*Task goal*
Retype all of the entries precisely.

::: Records

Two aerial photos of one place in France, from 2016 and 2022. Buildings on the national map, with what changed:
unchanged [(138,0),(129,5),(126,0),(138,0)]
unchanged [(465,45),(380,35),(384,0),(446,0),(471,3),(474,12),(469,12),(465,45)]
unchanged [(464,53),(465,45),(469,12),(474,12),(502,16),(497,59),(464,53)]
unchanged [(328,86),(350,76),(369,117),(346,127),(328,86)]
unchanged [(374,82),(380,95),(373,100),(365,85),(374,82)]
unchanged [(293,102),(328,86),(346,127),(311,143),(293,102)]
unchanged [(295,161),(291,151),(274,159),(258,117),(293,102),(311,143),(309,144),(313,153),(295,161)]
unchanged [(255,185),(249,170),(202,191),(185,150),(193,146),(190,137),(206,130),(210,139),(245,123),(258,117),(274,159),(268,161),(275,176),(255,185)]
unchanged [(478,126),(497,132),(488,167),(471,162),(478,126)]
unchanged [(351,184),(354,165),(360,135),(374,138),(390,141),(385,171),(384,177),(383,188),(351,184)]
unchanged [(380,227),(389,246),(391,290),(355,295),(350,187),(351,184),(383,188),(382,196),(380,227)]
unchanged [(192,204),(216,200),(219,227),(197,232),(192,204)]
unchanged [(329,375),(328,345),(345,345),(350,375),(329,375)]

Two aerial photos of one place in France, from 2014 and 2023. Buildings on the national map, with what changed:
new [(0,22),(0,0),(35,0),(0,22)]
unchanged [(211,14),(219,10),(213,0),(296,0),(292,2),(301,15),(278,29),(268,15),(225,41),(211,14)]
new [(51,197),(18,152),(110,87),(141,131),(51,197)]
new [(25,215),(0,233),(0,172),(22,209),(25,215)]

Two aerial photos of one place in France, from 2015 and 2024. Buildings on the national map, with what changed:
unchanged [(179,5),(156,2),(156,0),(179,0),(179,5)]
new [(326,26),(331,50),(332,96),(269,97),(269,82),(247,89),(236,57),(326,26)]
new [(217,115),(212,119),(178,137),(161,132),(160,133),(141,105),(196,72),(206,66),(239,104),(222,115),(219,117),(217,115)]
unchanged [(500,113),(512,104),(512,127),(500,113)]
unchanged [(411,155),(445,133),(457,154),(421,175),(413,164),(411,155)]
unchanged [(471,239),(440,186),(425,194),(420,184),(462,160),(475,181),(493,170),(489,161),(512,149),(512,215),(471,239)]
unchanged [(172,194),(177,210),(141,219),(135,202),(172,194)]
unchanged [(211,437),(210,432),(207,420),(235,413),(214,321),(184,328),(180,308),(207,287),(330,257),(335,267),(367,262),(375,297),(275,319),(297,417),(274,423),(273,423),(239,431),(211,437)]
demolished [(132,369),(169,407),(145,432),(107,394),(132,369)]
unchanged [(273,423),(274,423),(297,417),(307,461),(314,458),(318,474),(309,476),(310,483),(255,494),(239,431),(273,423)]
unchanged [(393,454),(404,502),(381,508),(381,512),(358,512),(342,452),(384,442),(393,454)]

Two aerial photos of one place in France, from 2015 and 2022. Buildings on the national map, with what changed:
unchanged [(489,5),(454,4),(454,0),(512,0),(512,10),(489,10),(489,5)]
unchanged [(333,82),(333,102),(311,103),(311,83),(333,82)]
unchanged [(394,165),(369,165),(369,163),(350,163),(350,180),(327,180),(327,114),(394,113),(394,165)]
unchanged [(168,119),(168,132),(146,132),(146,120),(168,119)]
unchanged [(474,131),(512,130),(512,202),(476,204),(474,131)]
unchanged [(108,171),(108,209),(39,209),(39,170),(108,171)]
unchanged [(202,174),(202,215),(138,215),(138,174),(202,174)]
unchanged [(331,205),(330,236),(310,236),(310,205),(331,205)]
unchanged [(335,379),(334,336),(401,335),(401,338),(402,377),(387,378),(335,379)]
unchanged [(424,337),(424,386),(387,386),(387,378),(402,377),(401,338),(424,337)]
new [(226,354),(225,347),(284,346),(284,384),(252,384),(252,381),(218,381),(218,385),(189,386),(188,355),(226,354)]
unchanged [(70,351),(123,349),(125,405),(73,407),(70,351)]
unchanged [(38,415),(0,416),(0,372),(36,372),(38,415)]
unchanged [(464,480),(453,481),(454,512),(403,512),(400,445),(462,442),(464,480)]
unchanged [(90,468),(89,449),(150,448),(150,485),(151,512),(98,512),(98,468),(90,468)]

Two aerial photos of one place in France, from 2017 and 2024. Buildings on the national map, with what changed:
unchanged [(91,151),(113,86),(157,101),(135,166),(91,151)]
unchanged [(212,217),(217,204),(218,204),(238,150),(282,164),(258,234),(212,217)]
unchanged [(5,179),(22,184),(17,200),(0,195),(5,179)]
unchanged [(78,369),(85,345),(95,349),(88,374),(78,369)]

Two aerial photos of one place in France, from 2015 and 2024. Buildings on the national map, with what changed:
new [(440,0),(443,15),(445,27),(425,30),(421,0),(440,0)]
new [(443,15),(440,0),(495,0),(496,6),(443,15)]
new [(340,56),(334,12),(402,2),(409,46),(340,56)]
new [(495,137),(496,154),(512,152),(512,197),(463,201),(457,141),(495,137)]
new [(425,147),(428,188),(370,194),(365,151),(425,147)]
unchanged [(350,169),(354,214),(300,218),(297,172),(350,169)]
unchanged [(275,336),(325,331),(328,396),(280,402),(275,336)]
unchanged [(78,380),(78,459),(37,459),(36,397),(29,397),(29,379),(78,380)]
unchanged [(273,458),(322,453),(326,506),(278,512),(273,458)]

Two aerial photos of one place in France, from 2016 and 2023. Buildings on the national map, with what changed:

::::::

*Final answer*
Two aerial photos of one place in France, from 2016 and 2022. Buildings on the national map, with what changed:
unchanged [(138,0),(129,5),(126,0),(138,0)]
unchanged [(465,45),(380,35),(384,0),(446,0),(471,3),(474,12),(469,12),(465,45)]
unchanged [(464,53),(465,45),(469,12),(474,12),(502,16),(497,59),(464,53)]
unchanged [(328,86),(350,76),(369,117),(346,127),(328,86)]
unchanged [(374,82),(380,95),(373,100),(365,85),(374,82)]
unchanged [(293,102),(328,86),(346,127),(311,143),(293,102)]
unchanged [(295,161),(291,151),(274,159),(258,117),(293,102),(311,143),(309,144),(313,153),(295,161)]
unchanged [(255,185),(249,170),(202,191),(185,150),(193,146),(190,137),(206,130),(210,139),(245,123),(258,117),(274,159),(268,161),(275,176),(255,185)]
unchanged [(478,126),(497,132),(488,167),(471,162),(478,126)]
unchanged [(351,184),(354,165),(360,135),(374,138),(390,141),(385,171),(384,177),(383,188),(351,184)]
unchanged [(380,227),(389,246),(391,290),(355,295),(350,187),(351,184),(383,188),(382,196),(380,227)]
unchanged [(192,204),(216,200),(219,227),(197,232),(192,204)]
unchanged [(329,375),(328,345),(345,345),(350,375),(329,375)]

Two aerial photos of one place in France, from 2014 and 2023. Buildings on the national map, with what changed:
new [(0,22),(0,0),(35,0),(0,22)]
unchanged [(211,14),(219,10),(213,0),(296,0),(292,2),(301,15),(278,29),(268,15),(225,41),(211,14)]
new [(51,197),(18,152),(110,87),(141,131),(51,197)]
new [(25,215),(0,233),(0,172),(22,209),(25,215)]

Two aerial photos of one place in France, from 2015 and 2024. Buildings on the national map, with what changed:
unchanged [(179,5),(156,2),(156,0),(179,0),(179,5)]
new [(326,26),(331,50),(332,96),(269,97),(269,82),(247,89),(236,57),(326,26)]
new [(217,115),(212,119),(178,137),(161,132),(160,133),(141,105),(196,72),(206,66),(239,104),(222,115),(219,117),(217,115)]
unchanged [(500,113),(512,104),(512,127),(500,113)]
unchanged [(411,155),(445,133),(457,154),(421,175),(413,164),(411,155)]
unchanged [(471,239),(440,186),(425,194),(420,184),(462,160),(475,181),(493,170),(489,161),(512,149),(512,215),(471,239)]
unchanged [(172,194),(177,210),(141,219),(135,202),(172,194)]
unchanged [(211,437),(210,432),(207,420),(235,413),(214,321),(184,328),(180,308),(207,287),(330,257),(335,267),(367,262),(375,297),(275,319),(297,417),(274,423),(273,423),(239,431),(211,437)]
demolished [(132,369),(169,407),(145,432),(107,394),(132,369)]
unchanged [(273,423),(274,423),(297,417),(307,461),(314,458),(318,474),(309,476),(310,483),(255,494),(239,431),(273,423)]
unchanged [(393,454),(404,502),(381,508),(381,512),(358,512),(342,452),(384,442),(393,454)]

Two aerial photos of one place in France, from 2015 and 2022. Buildings on the national map, with what changed:
unchanged [(489,5),(454,4),(454,0),(512,0),(512,10),(489,10),(489,5)]
unchanged [(333,82),(333,102),(311,103),(311,83),(333,82)]
unchanged [(394,165),(369,165),(369,163),(350,163),(350,180),(327,180),(327,114),(394,113),(394,165)]
unchanged [(168,119),(168,132),(146,132),(146,120),(168,119)]
unchanged [(474,131),(512,130),(512,202),(476,204),(474,131)]
unchanged [(108,171),(108,209),(39,209),(39,170),(108,171)]
unchanged [(202,174),(202,215),(138,215),(138,174),(202,174)]
unchanged [(331,205),(330,236),(310,236),(310,205),(331,205)]
unchanged [(335,379),(334,336),(401,335),(401,338),(402,377),(387,378),(335,379)]
unchanged [(424,337),(424,386),(387,386),(387,378),(402,377),(401,338),(424,337)]
new [(226,354),(225,347),(284,346),(284,384),(252,384),(252,381),(218,381),(218,385),(189,386),(188,355),(226,354)]
unchanged [(70,351),(123,349),(125,405),(73,407),(70,351)]
unchanged [(38,415),(0,416),(0,372),(36,372),(38,415)]
unchanged [(464,480),(453,481),(454,512),(403,512),(400,445),(462,442),(464,480)]
unchanged [(90,468),(89,449),(150,448),(150,485),(151,512),(98,512),(98,468),(90,468)]

Two aerial photos of one place in France, from 2017 and 2024. Buildings on the national map, with what changed:
unchanged [(91,151),(113,86),(157,101),(135,166),(91,151)]
unchanged [(212,217),(217,204),(218,204),(238,150),(282,164),(258,234),(212,217)]
unchanged [(5,179),(22,184),(17,200),(0,195),(5,179)]
unchanged [(78,369),(85,345),(95,349),(88,374),(78,369)]

Two aerial photos of one place in France, from 2015 and 2024. Buildings on the national map, with what changed:
new [(440,0),(443,15),(445,27),(425,30),(421,0),(440,0)]
new [(443,15),(440,0),(495,0),(496,6),(443,15)]
new [(340,56),(334,12),(402,2),(409,46),(340,56)]
new [(495,137),(496,154),(512,152),(512,197),(463,201),(457,141),(495,137)]
new [(425,147),(428,188),(370,194),(365,151),(425,147)]
unchanged [(350,169),(354,214),(300,218),(297,172),(350,169)]
unchanged [(275,336),(325,331),(328,396),(280,402),(275,336)]
unchanged [(78,380),(78,459),(37,459),(36,397),(29,397),(29,379),(78,380)]
unchanged [(273,458),(322,453),(326,506),(278,512),(273,458)]

Two aerial photos of one place in France, from 2016 and 2023. Buildings on the national map, with what changed:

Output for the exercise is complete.